Simply put, no collector can explain to another collector why
he collects what he collects. One would think, perhaps, that
there must be some sort of secret understanding, a special handshake
or something, between collectors--some mystical linkage that would
exist despite the fact that one collects, say, books, and the
other stamps. Both, after all, have the "bug," both
have experienced the feelings collectors have when they bring
in something new, or watch their collection swell. But there's
nothing. No secret understanding, no comaraderie, nothing. In
fact, it's worse than that. The stamp collector looks upon the
book collector's collection and thinks, "My God, he's spent
all that money and energy for mere books when, for all that, he
could have been putting together a very fine stamp collection.

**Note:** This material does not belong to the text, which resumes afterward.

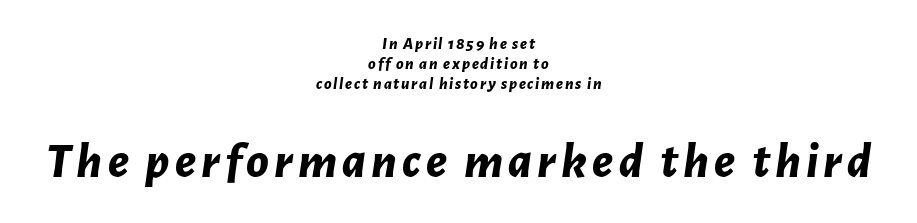
Words float on clear page, feet unadorned. Is the lower block the larger one? Yes — the lower block carries the bigger type. Every row of glyphs is offset so its center matches the block's center. This sample uses an oblique cut, with every glyph tilted off the vertical. This is heavy type, rendered in bold. Think of a printed novel: that variable character pitch is what you see here.

What a colossal waste." The stamp collector merely looks
upon the book collector in the same way that non-collectors look
at any collector. They look upon him as someone capable of wasting
serious time or money or energy on something that simply cannot
be cared about. The stamp collector reacts to the book collector
in the way we all react to other people's passions: we are amused
by the silliness of it all, the ridiculous comic figures that
people make of themselves when they are in love. We are momentarily
envious, perhaps, of the lover when we observe him passing into
a separate world of pleasure and fulfillment which is forever
beyond us, but our envy is checked by our self-congratulation
over how realistic we are. We are not the ones,
after all, now behaving so comically, wasting so much money, and
investing so much time in something so manifestly lusterless as
that.
Well, you might reasonably think, at least
other book collectors can appreciate your collection; at
least they might love it with your passion. The answer
to this would be an everlasting no. With them, one can't even
descend to that last resort, promoting admiration by talking about
your collection's monetary value. Each collector knows of the
other's animus against those who collect for reasons other than
passion. This means, of course, that even this last gasp effort
to foster longed-for praise is simply unavailable. With another
book collector, there is simply nothing to be done.

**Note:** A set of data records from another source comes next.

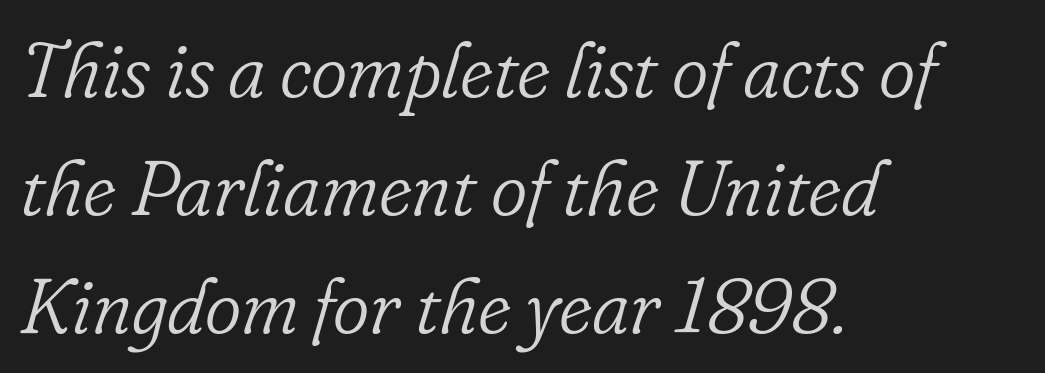
Q: Is the text bold? A: No.
Q: Is the text italic (slanted)? A: Yes, it leans right by about 16 degrees.
Q: Is the typeface a serif or a sans-serif typeface? A: Serif.
Q: Is the text underlined? A: No.
Q: How is the paragraph aligned? A: Left-aligned.
Q: Is the spacing between letters normal or unusually wide? A: Normal.
Q: Is the spacing between lines tight, normal or loose? A: Normal.
Q: Width (condensed, normal, or wide)? A: Normal.
Q: Stroke contrast? A: Low.
Q: x-height? A: Small.
Q: Monospaced? A: No.

I've collected first editions for twenty
years now and no one has ever seen my collection with an appreciation
which struck me as being even remotely adequate. Nor will there
ever be such a one. Perhaps somewhere there is a book collector
who collects precisely what I collect, with the same parameters,
the same focus, the same way of weighing value. But I have never
discovered such a person and I never expect to. Even if I did,
only one thing would be certain: to him, my collection would merely
be a love object possessed by the wrong person. I would have
something that by all rights ought to be his. He would think,
"You, sir, you do not deserve this."
Other people cannot, can never, experience
the magic that a collection has for the collector. It is disappointing,
yes, and it gives rise to apprehensions that the collector has
mis-lived his life somehow. But the collector has his own secret
compensation. It is an ugly kind of revenge. It is the kind
of revenge descended to by the moralist, the conspicuously pious,
the early riser, the health food bibber. The collector can look
upon the other, all others, and think, "This one, too, does
not understand worth or value, and what should be most meaningful
is cruelly absent in him. He does not know the glory of the life
properly lived. Go fool, now you have seen the light, and sin
no more."
Pathetic, I say, but inevitable. And if
you happen to have a first edition of a book by Roger Mais, please
let me know. I'll find Lucky Jim myself.